[DATASET — start]
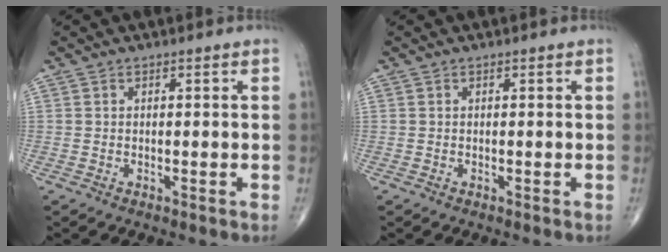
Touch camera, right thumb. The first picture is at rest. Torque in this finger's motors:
{"motor_torque": [0.04, 0.04, 0.00, 0.00, 0.00]}
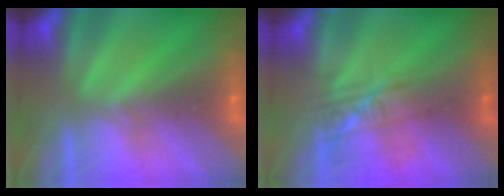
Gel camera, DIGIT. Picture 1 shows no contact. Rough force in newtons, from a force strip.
{"total": 2.3}
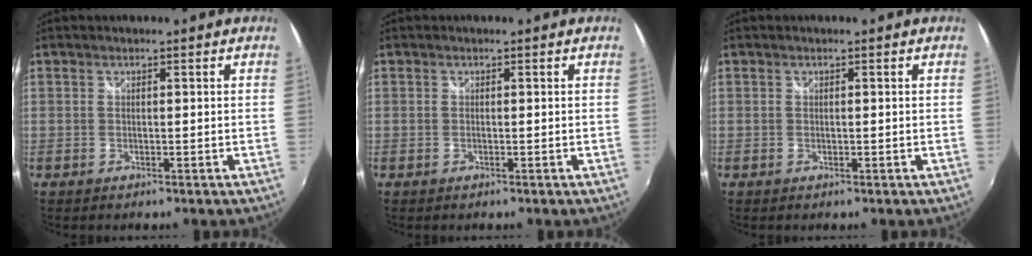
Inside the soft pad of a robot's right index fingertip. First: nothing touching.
{"total": 0.0}
{"total": 0.0}
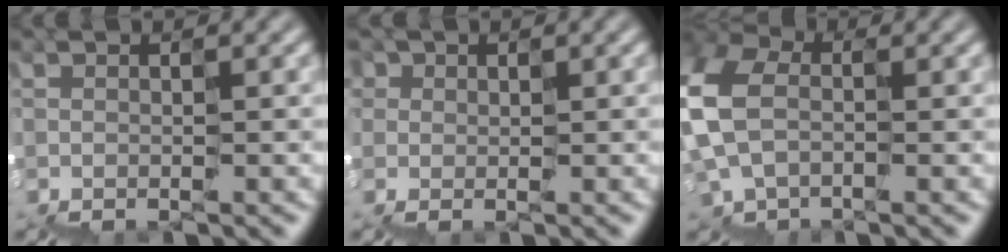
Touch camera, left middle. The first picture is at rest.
{"total": 4.2, "force": [0.0, 3.9, 1.4], "torque": [-0.008, 0.000, 0.001]}
{"total": 5.2, "force": [0.6, 4.4, 2.7], "torque": [-0.094, 0.022, 0.008]}
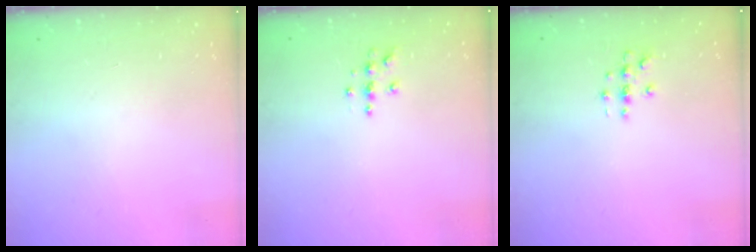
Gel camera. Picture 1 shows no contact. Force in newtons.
{"total": 4.0, "press": 3.9, "slide": 0.4}
{"total": 2.7, "press": 2.7, "slide": 0.3}
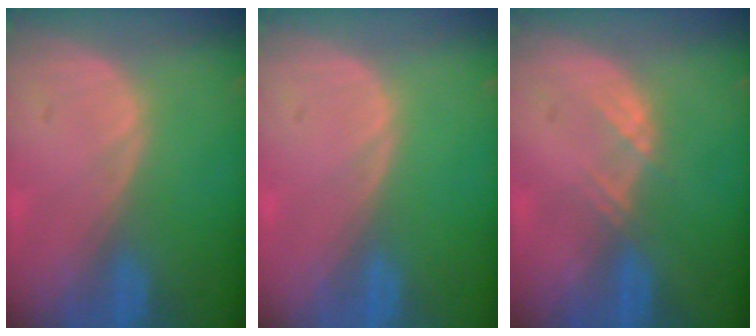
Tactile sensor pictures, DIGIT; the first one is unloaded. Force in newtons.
{"total": 0.0}
{"total": 1.9, "press": 1.8, "slide": 0.8}
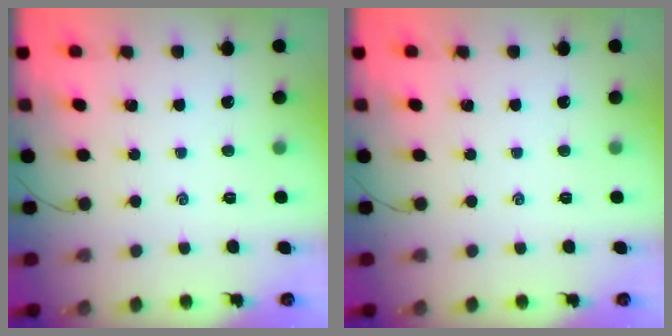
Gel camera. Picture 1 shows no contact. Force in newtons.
{"total": 0.0}
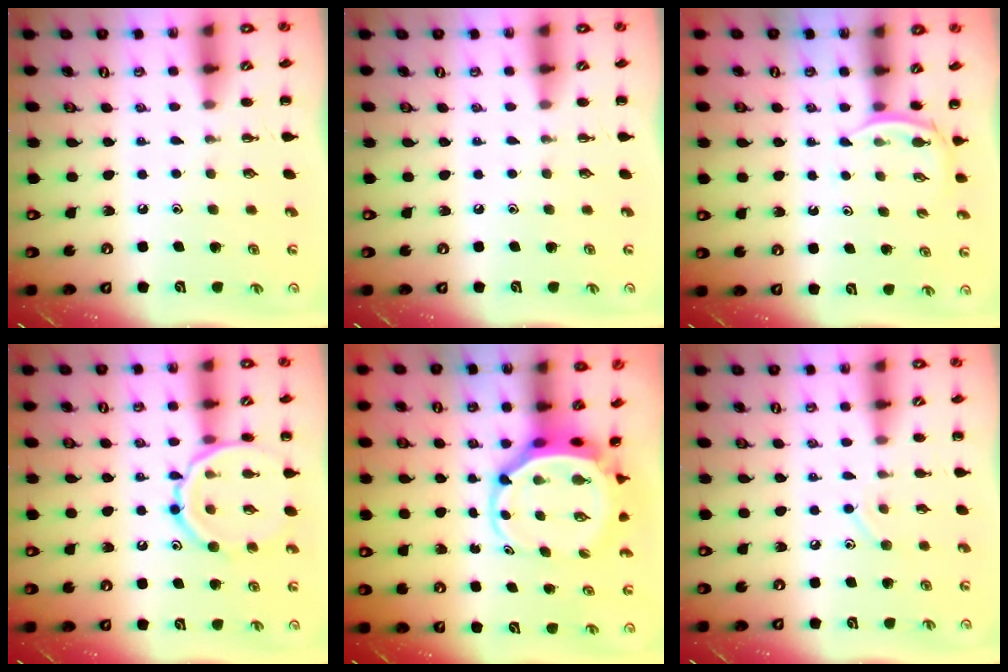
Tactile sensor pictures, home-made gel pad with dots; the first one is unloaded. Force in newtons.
{"total": 0.0}
{"total": 2.6, "press": 2.5, "slide": 0.8}
{"total": 12.7, "press": 12.6, "slide": 0.8}
{"total": 5.6, "press": 5.4, "slide": 1.2}
{"total": 6.2, "press": 5.9, "slide": 1.9}
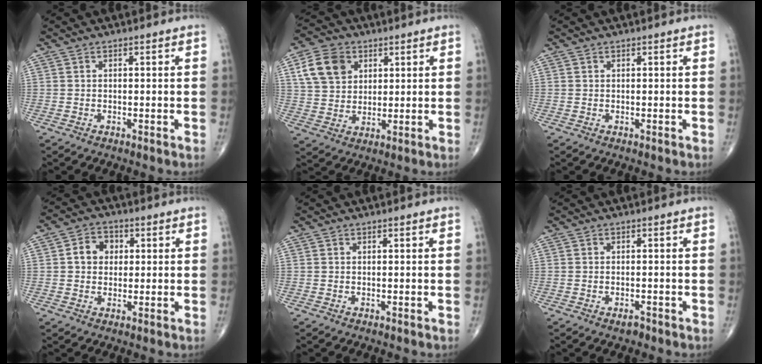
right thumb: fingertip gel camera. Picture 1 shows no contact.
{"total": 10.2, "force": [3.6, 7.7, 5.7], "torque": [-0.089, -0.001, 0.066]}
{"total": 0.0}
{"total": 5.4, "force": [0.8, 4.5, 2.8], "torque": [-0.025, 0.009, 0.007]}
{"total": 0.0}
{"total": 1.4, "force": [-1.0, 0.7, 0.8], "torque": [-0.014, 0.003, -0.015]}
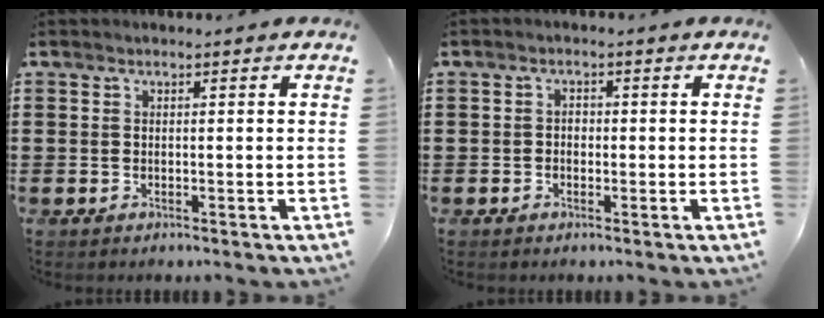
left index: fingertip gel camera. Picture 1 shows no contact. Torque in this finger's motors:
{"motor_torque": [0.02, 0.05, 0.02, 0.00]}
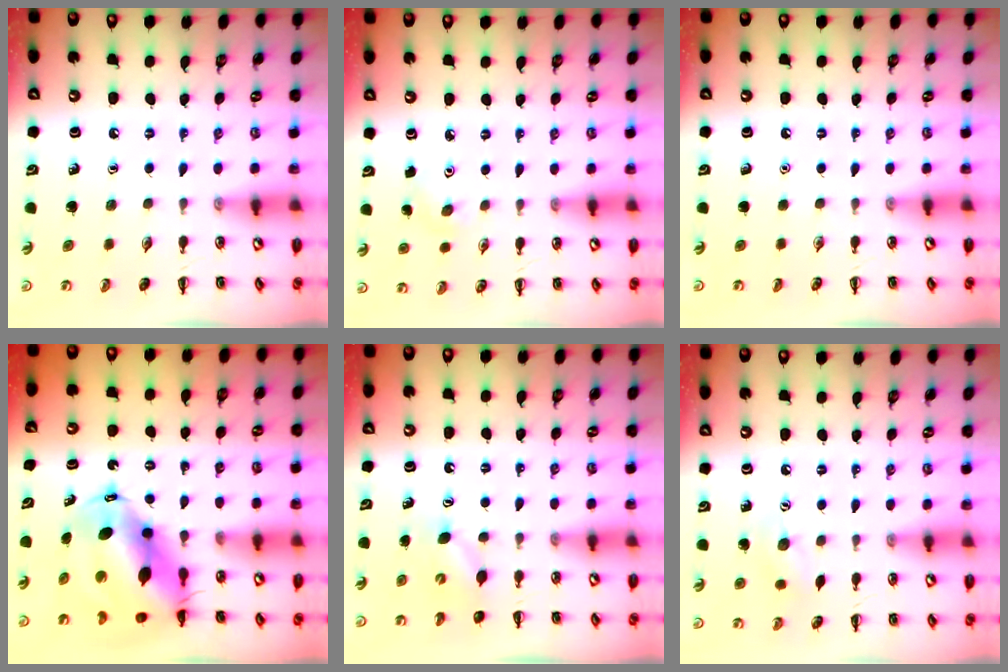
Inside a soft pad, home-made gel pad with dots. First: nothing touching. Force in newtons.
{"total": 4.5, "press": 4.5, "slide": 0.7}
{"total": 0.0}
{"total": 11.9, "press": 11.5, "slide": 3.2}
{"total": 3.4, "press": 3.3, "slide": 0.9}
{"total": 7.9, "press": 7.8, "slide": 1.4}
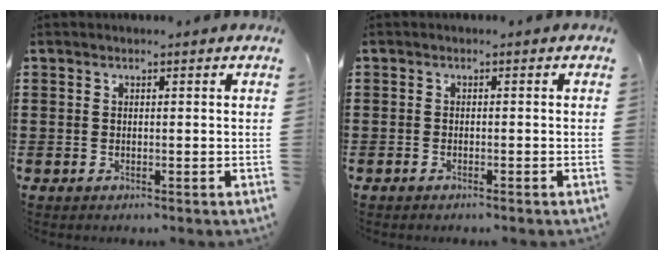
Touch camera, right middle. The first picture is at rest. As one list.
[{"total": 0.7, "force": [-0.6, 0.0, 0.3], "torque": [-0.007, -0.002, -0.011]}]
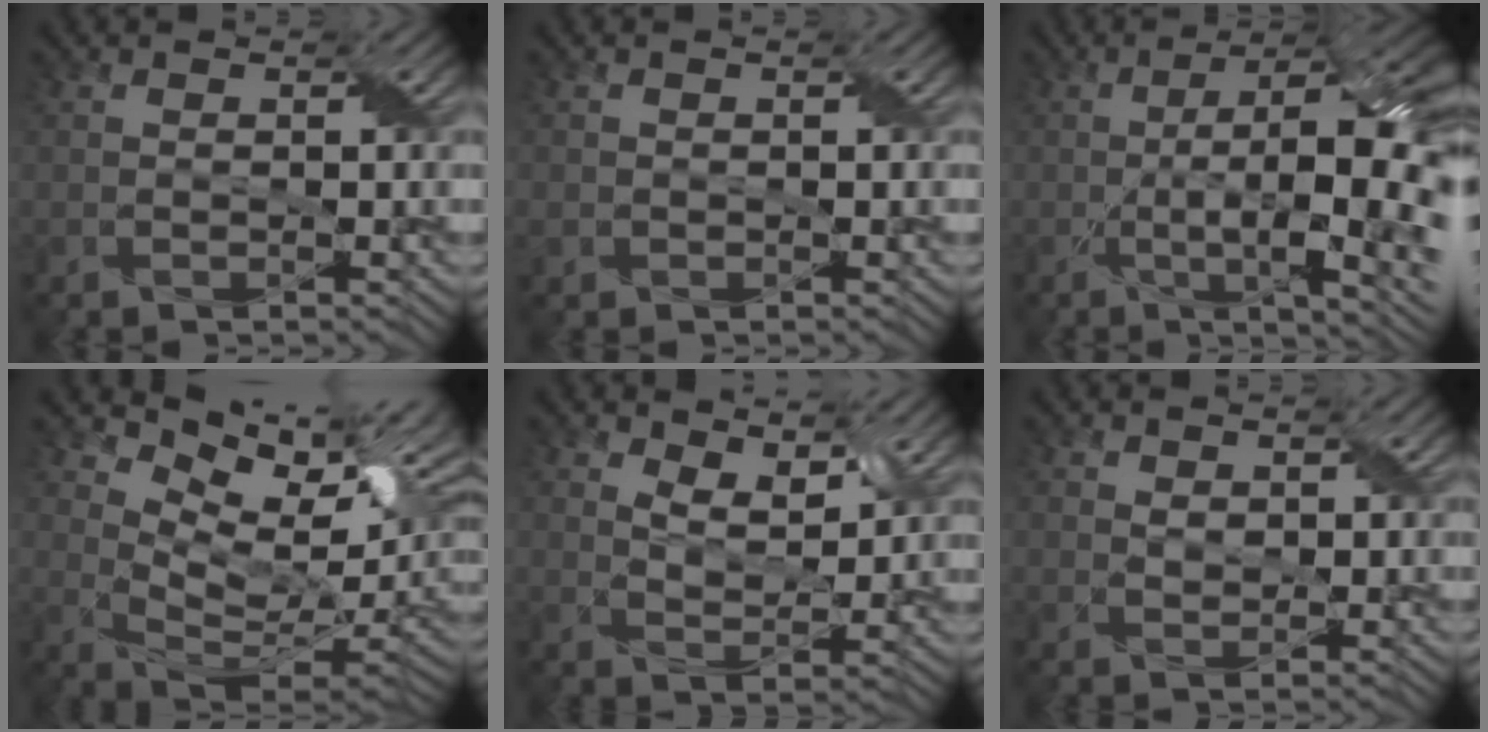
[DATASET — finish]
- TASK PROMPT -
The records must be restated word for word, apart from any images.

- RESULT FOR THIS EXERCISE -
Touch camera, right thumb. The first picture is at rest. Torque in this finger's motors:
{"motor_torque": [0.04, 0.04, 0.00, 0.00, 0.00]}
Gel camera, DIGIT. Picture 1 shows no contact. Rough force in newtons, from a force strip.
{"total": 2.3}
Inside the soft pad of a robot's right index fingertip. First: nothing touching.
{"total": 0.0}
{"total": 0.0}
Touch camera, left middle. The first picture is at rest.
{"total": 4.2, "force": [0.0, 3.9, 1.4], "torque": [-0.008, 0.000, 0.001]}
{"total": 5.2, "force": [0.6, 4.4, 2.7], "torque": [-0.094, 0.022, 0.008]}
Gel camera. Picture 1 shows no contact. Force in newtons.
{"total": 4.0, "press": 3.9, "slide": 0.4}
{"total": 2.7, "press": 2.7, "slide": 0.3}
Tactile sensor pictures, DIGIT; the first one is unloaded. Force in newtons.
{"total": 0.0}
{"total": 1.9, "press": 1.8, "slide": 0.8}
Gel camera. Picture 1 shows no contact. Force in newtons.
{"total": 0.0}
Tactile sensor pictures, home-made gel pad with dots; the first one is unloaded. Force in newtons.
{"total": 0.0}
{"total": 2.6, "press": 2.5, "slide": 0.8}
{"total": 12.7, "press": 12.6, "slide": 0.8}
{"total": 5.6, "press": 5.4, "slide": 1.2}
{"total": 6.2, "press": 5.9, "slide": 1.9}
right thumb: fingertip gel camera. Picture 1 shows no contact.
{"total": 10.2, "force": [3.6, 7.7, 5.7], "torque": [-0.089, -0.001, 0.066]}
{"total": 0.0}
{"total": 5.4, "force": [0.8, 4.5, 2.8], "torque": [-0.025, 0.009, 0.007]}
{"total": 0.0}
{"total": 1.4, "force": [-1.0, 0.7, 0.8], "torque": [-0.014, 0.003, -0.015]}
left index: fingertip gel camera. Picture 1 shows no contact. Torque in this finger's motors:
{"motor_torque": [0.02, 0.05, 0.02, 0.00]}
Inside a soft pad, home-made gel pad with dots. First: nothing touching. Force in newtons.
{"total": 4.5, "press": 4.5, "slide": 0.7}
{"total": 0.0}
{"total": 11.9, "press": 11.5, "slide": 3.2}
{"total": 3.4, "press": 3.3, "slide": 0.9}
{"total": 7.9, "press": 7.8, "slide": 1.4}
Touch camera, right middle. The first picture is at rest. As one list.
[{"total": 0.7, "force": [-0.6, 0.0, 0.3], "torque": [-0.007, -0.002, -0.011]}]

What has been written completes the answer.